16.05.2017 | Slides | Lecture Recording

1. Recap

3D Comparison: There is a way to look at proteins in 3 dimensions

1D - secondary structure prediction
2D - distance map
3D - real 3D coordinates

Dynamic Programming

Global (Needleman-Wunsch) or Local (Smith-Waterman)
With or without Gaps
- Linear Gap Penalty: Opening and extending a gap have the same cost
- Affine Gap Penalty: Opening a new gap is more expensive than extending an existing one
Scoring Matrices
- For each pair of residues you can read off, how much you gain by aligning these 2 residues

BLAST: Basic Local Alignment Search Tool

Dynamic Programming is slow for large scale comparisons
Speed search up by hashing words (seed = 3 amino acids / residues)
After matching a word, try to extend the match by dynamic programming
Major Challenge: Get the statistics right
- How significant is a match against the background probability entire database

Question: What is the major challenge of BLAST?

Getting the statistics right: BLAST needs to know, h_ow significant a match is_, by comparing it against the background probability of the entire database.

2. Pairwise Alignment Accuracy

PSI: Percentage Sequence Identity

Zones:

Daylight-Zone: PSI, where it can be assumed that from a similar sequence follows similar structure
Twilight-Zone: PSI, where it is not possible to infer similar structure from similar sequence (the signal fades)
Midnight-Zone: PSI, where sequence similarity does not tell anything about structure similarity (down to random changes)

# Note: The Midnight-Zone is, where most proteins of similar structure sit

Going deeper into the Twilight-Zone, the following results are to be expected:

True Positives go up in absolute numbers
False positive increase (drastically) in absolute numbers

2.1 HSSP Curve

HSSP: Homology-derived Secondary Structure of Proteins

How to get the curve?

Get all 3D structures from PDB
Remove bias (sequence unique subset)
And compare 'all vs redundancy reduced set'
1. compare 3D structure (e.g.
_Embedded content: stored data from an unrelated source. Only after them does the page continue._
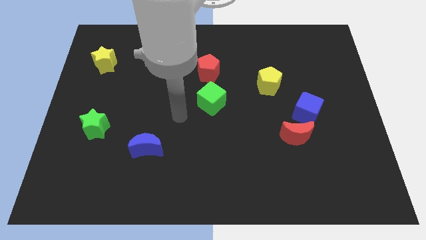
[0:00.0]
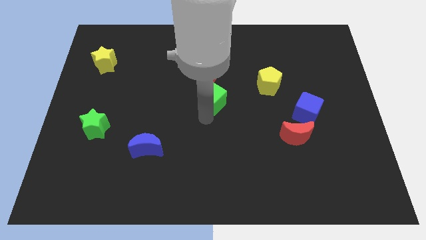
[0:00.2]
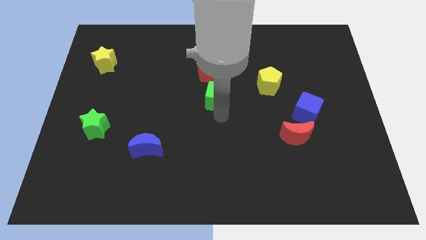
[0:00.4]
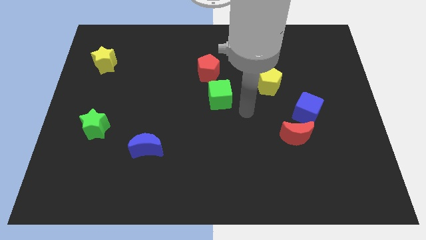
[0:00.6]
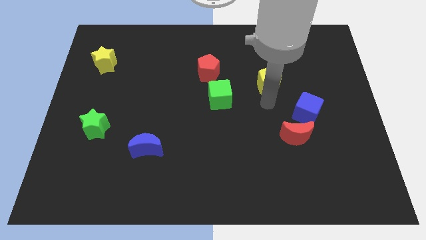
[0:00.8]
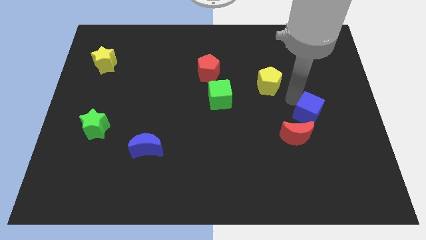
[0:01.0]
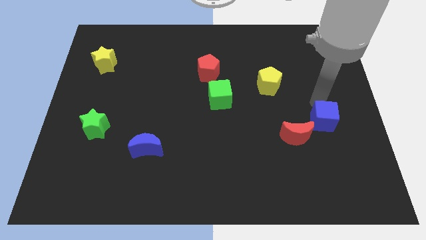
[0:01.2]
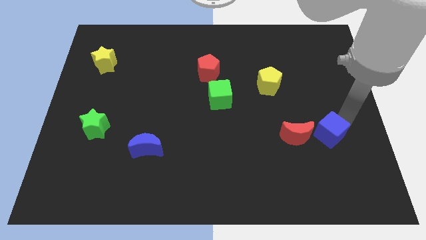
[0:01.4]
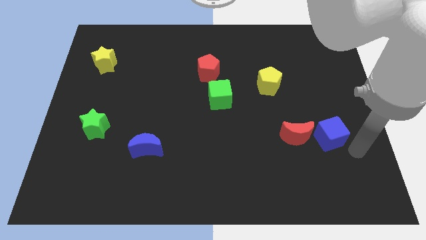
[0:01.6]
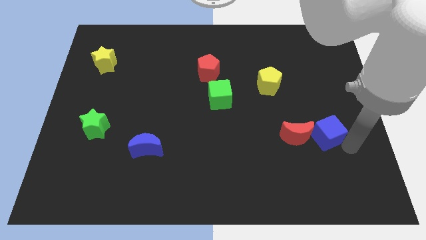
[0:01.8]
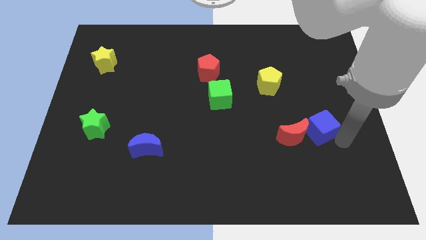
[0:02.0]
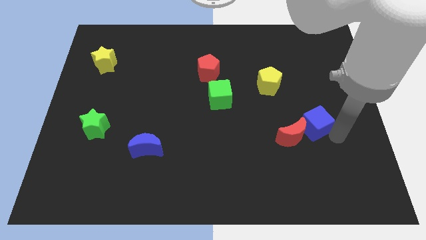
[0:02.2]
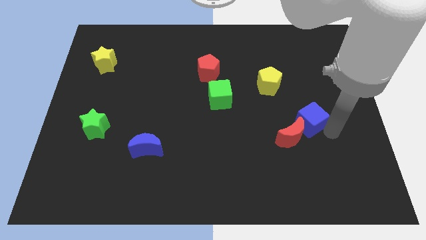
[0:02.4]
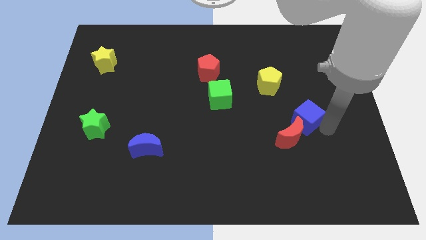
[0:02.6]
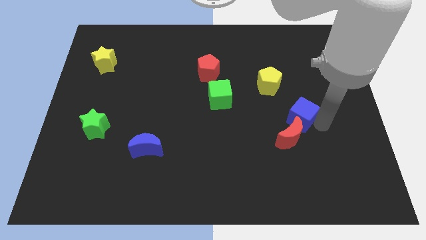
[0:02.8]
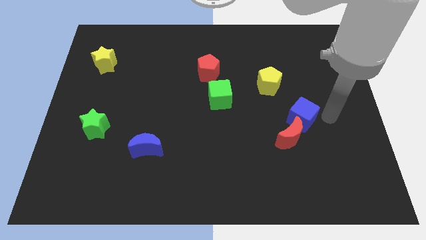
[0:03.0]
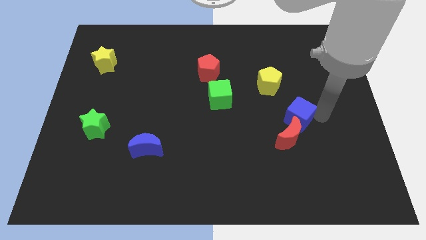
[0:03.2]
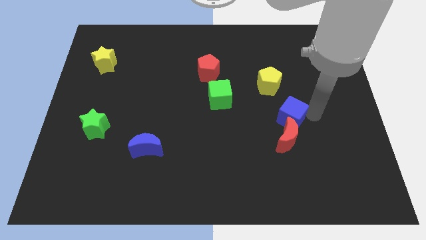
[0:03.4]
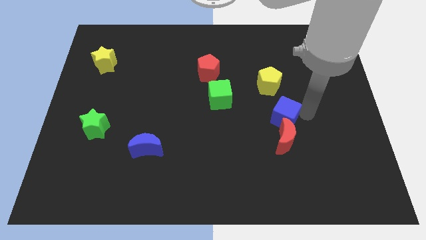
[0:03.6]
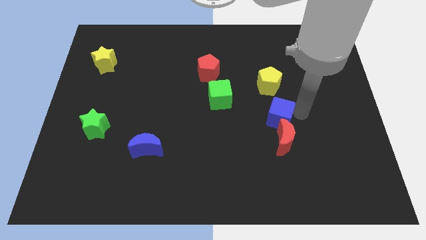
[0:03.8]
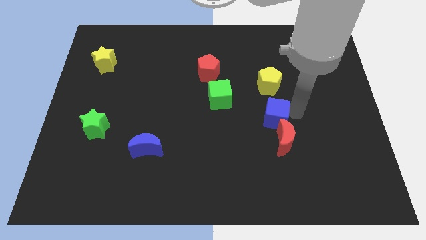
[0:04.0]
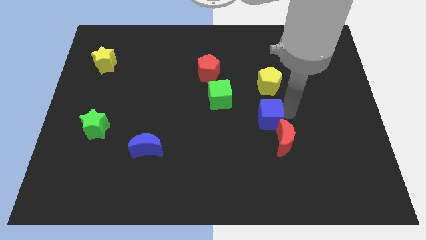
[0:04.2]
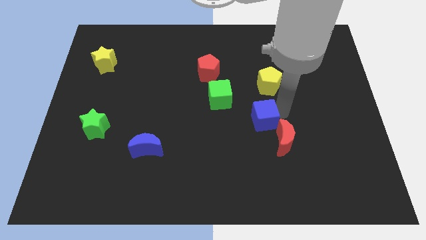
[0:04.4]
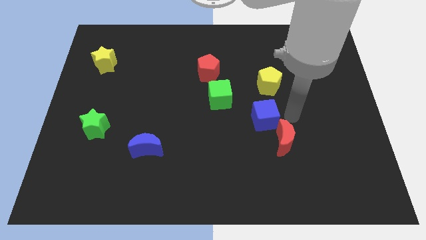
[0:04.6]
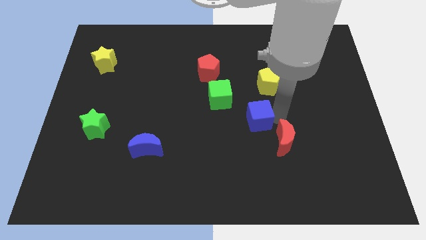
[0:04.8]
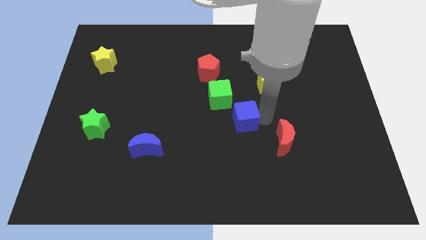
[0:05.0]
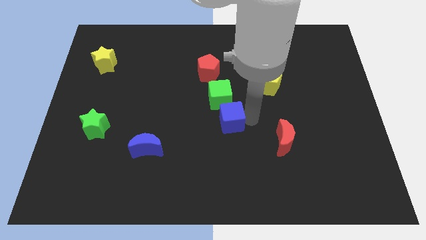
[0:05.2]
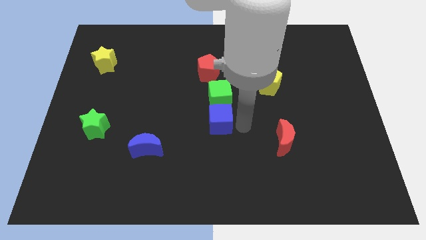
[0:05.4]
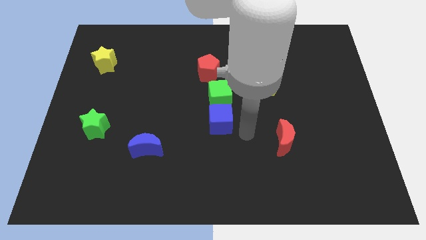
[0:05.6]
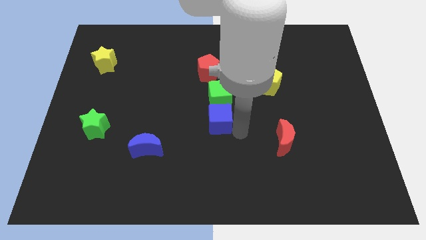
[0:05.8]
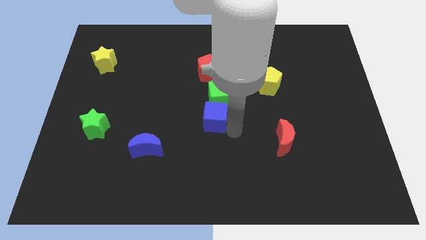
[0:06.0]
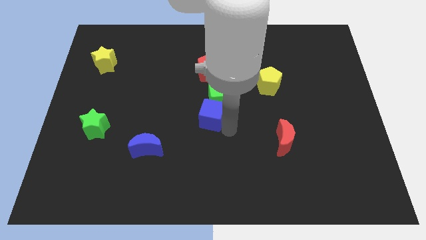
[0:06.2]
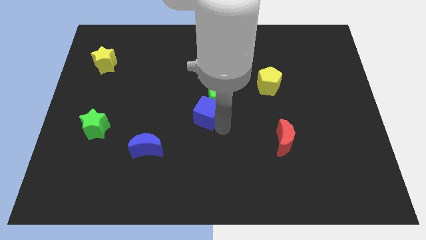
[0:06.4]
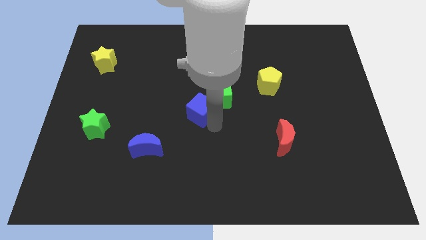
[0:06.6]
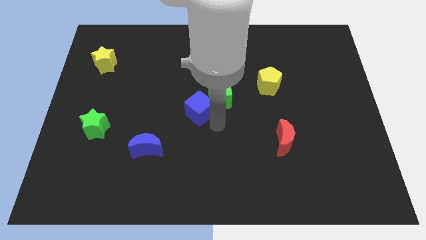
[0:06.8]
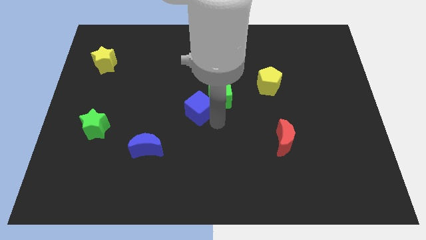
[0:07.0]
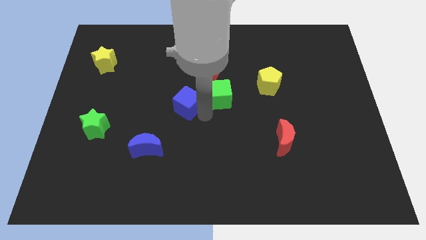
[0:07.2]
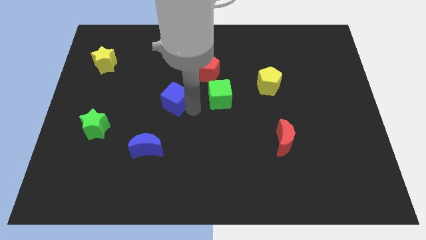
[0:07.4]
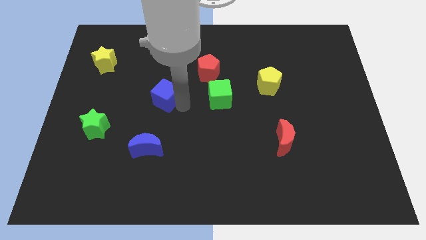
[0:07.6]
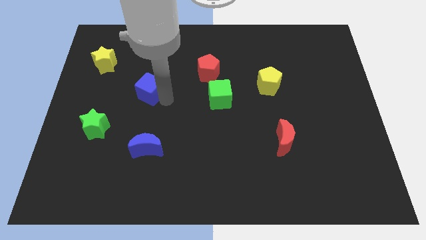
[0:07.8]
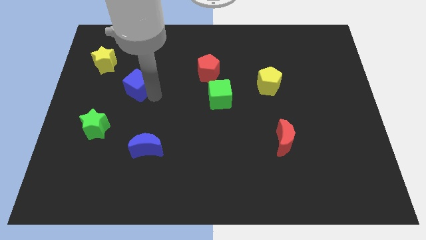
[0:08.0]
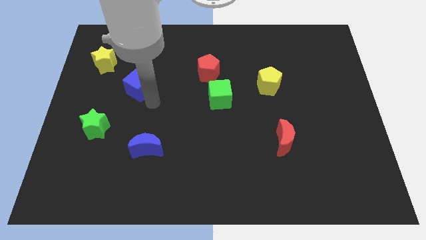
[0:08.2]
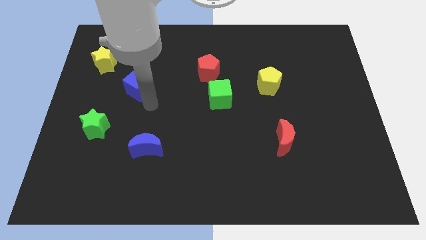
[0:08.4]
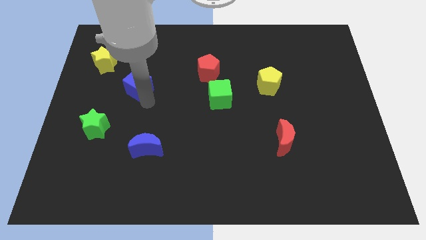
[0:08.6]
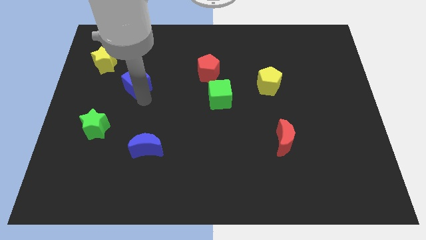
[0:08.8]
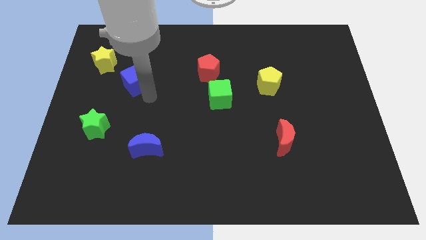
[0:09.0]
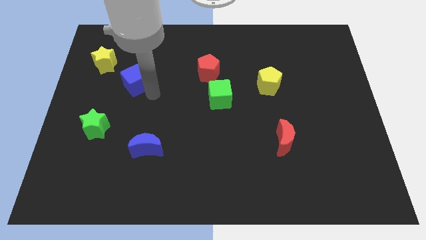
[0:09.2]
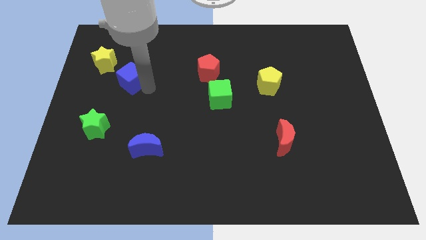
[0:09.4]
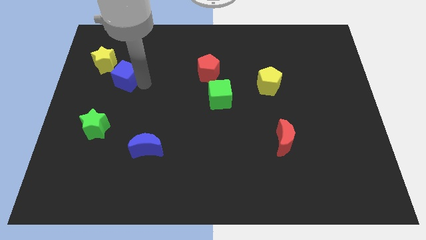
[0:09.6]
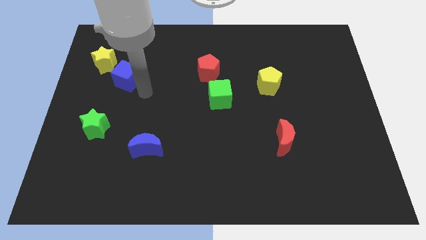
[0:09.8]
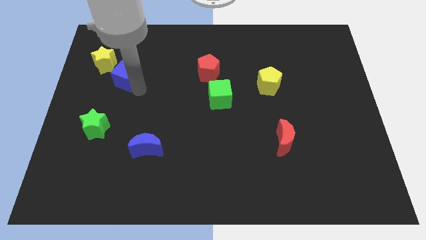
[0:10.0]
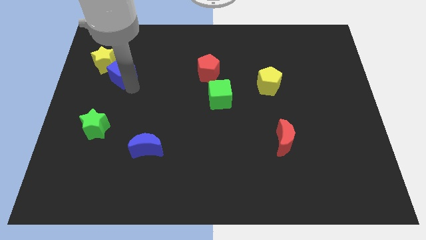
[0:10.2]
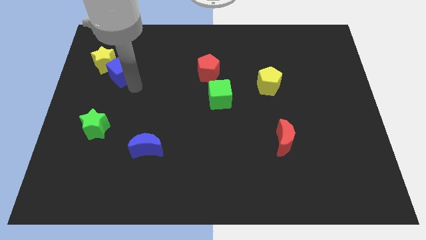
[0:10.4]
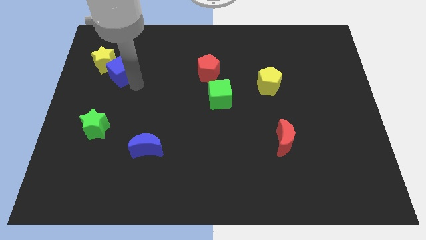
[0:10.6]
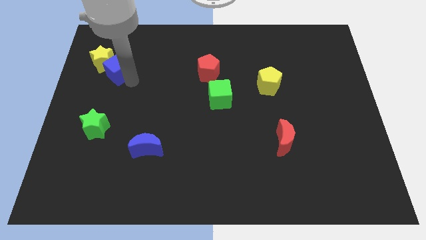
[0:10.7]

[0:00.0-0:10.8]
move the blue cube next to the yellow star

RSMD)
2. compare sequence

Result: Sequence Conservation of protein structur

![](/assets/Screen Shot 2017-07-03 at 09.08.35.png)🕵🏻 Observations

Over the curve (daylight-zone), many true-positives (sequence identity -> similar 3D structure)
Under the curve (upon entering the twilight zone)
- Explosion of false positives
- but also **significant increase **(x10) of true positives (This is why we want to go into the Twilight Zone!!)
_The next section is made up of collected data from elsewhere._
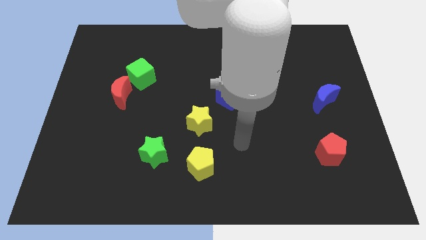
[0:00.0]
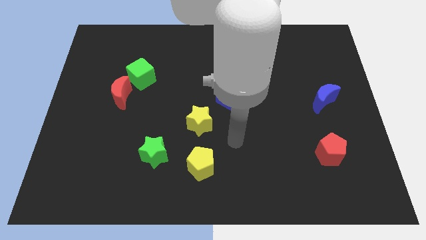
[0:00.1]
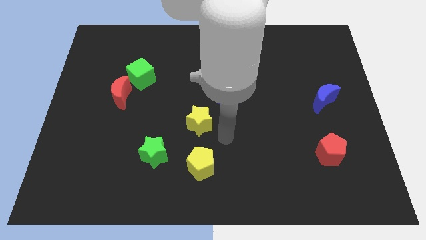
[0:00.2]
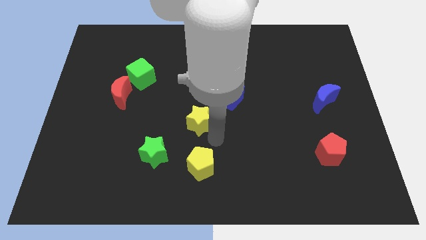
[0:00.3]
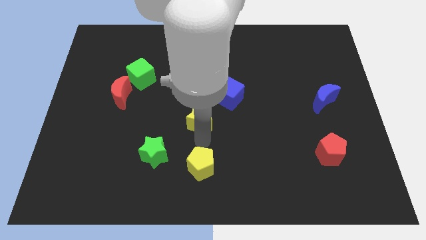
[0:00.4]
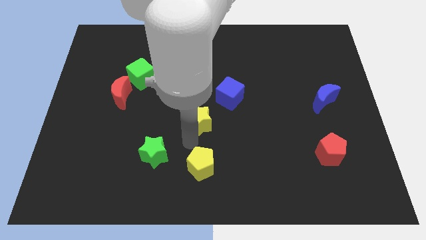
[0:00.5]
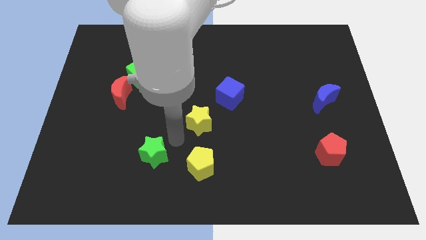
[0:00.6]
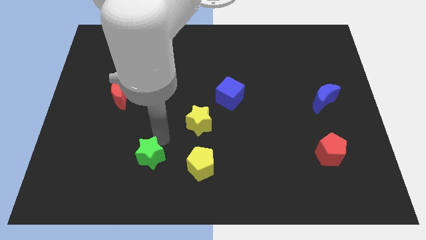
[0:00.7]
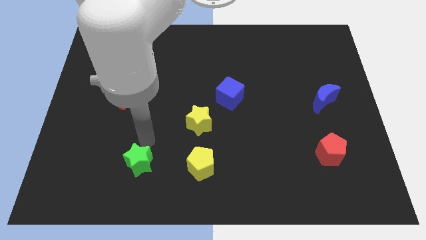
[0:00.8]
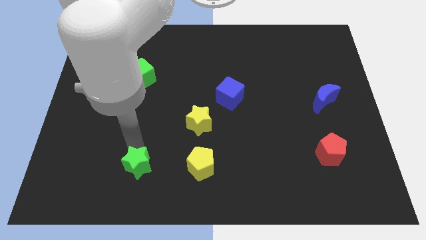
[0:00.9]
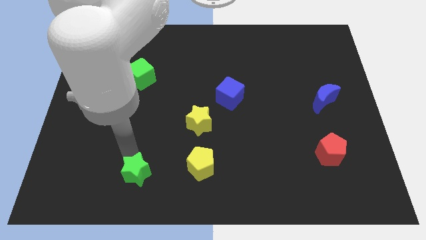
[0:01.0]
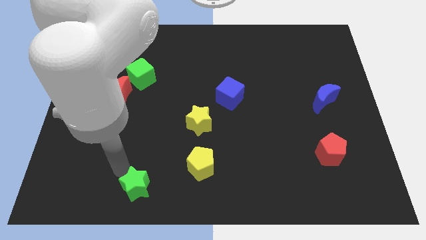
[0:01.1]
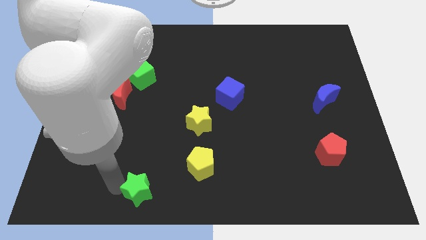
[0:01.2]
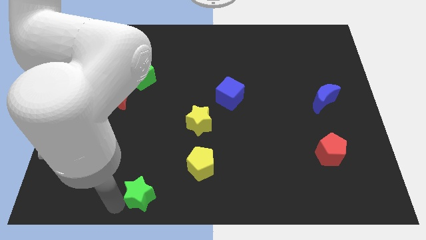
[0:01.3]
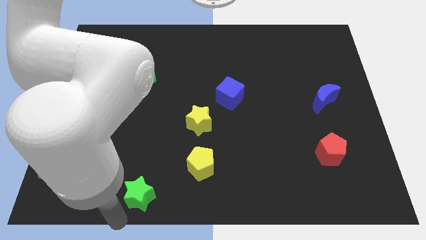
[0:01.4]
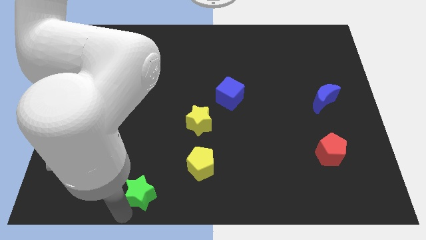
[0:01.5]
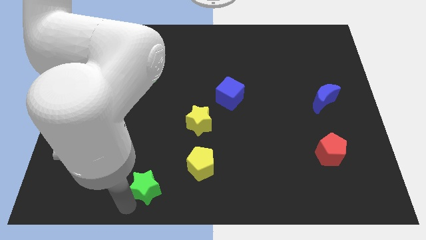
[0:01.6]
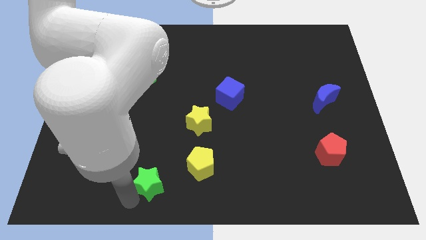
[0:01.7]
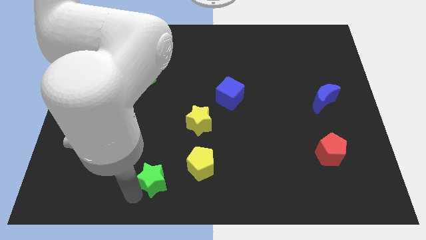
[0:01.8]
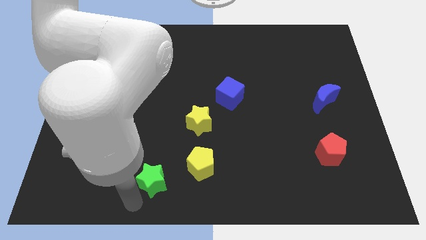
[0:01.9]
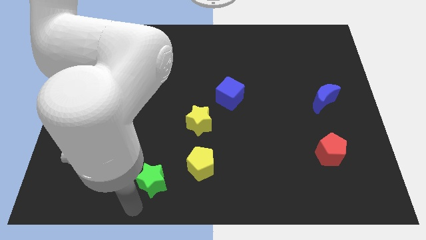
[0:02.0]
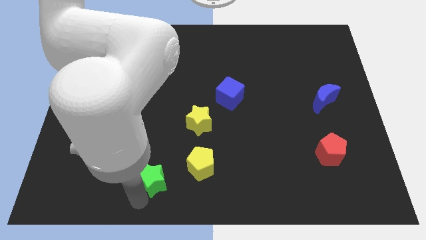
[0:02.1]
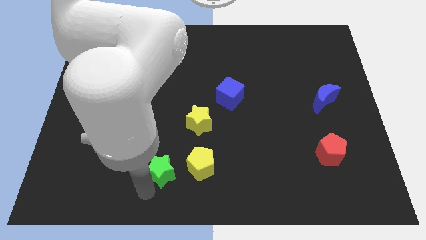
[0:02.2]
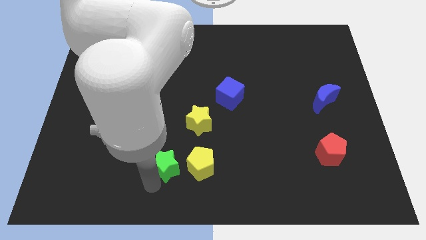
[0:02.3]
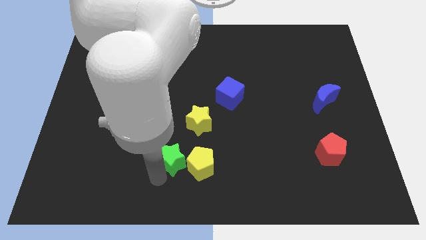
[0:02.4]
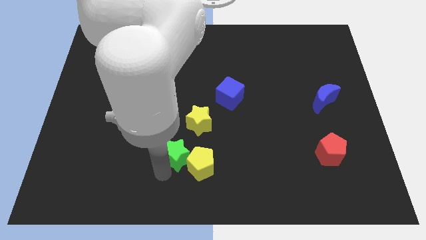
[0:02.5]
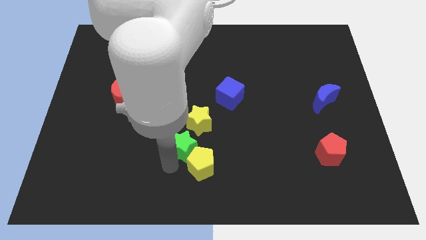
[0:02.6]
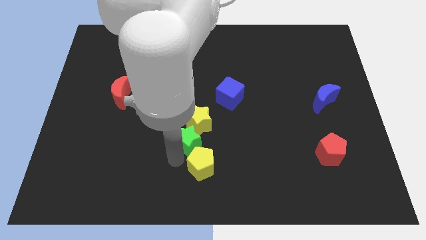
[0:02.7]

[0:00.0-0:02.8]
slide the green star towards the yellow star

Question: Why is it interesting to find similar proteins out of the Twilight / Midnight Zone?

The Midnight-Zone is, where most proteins of similar structure sit.

Question: Why is it that even with only 40% PSI, we can still assume similar structure? Could we randomly change 60% of the residues in the lab and get a new protein with similar structure?

These 60% of changed residues happened under evolutionary pressure and are not random

mutations that did not change structure & function survived (we can observe them today)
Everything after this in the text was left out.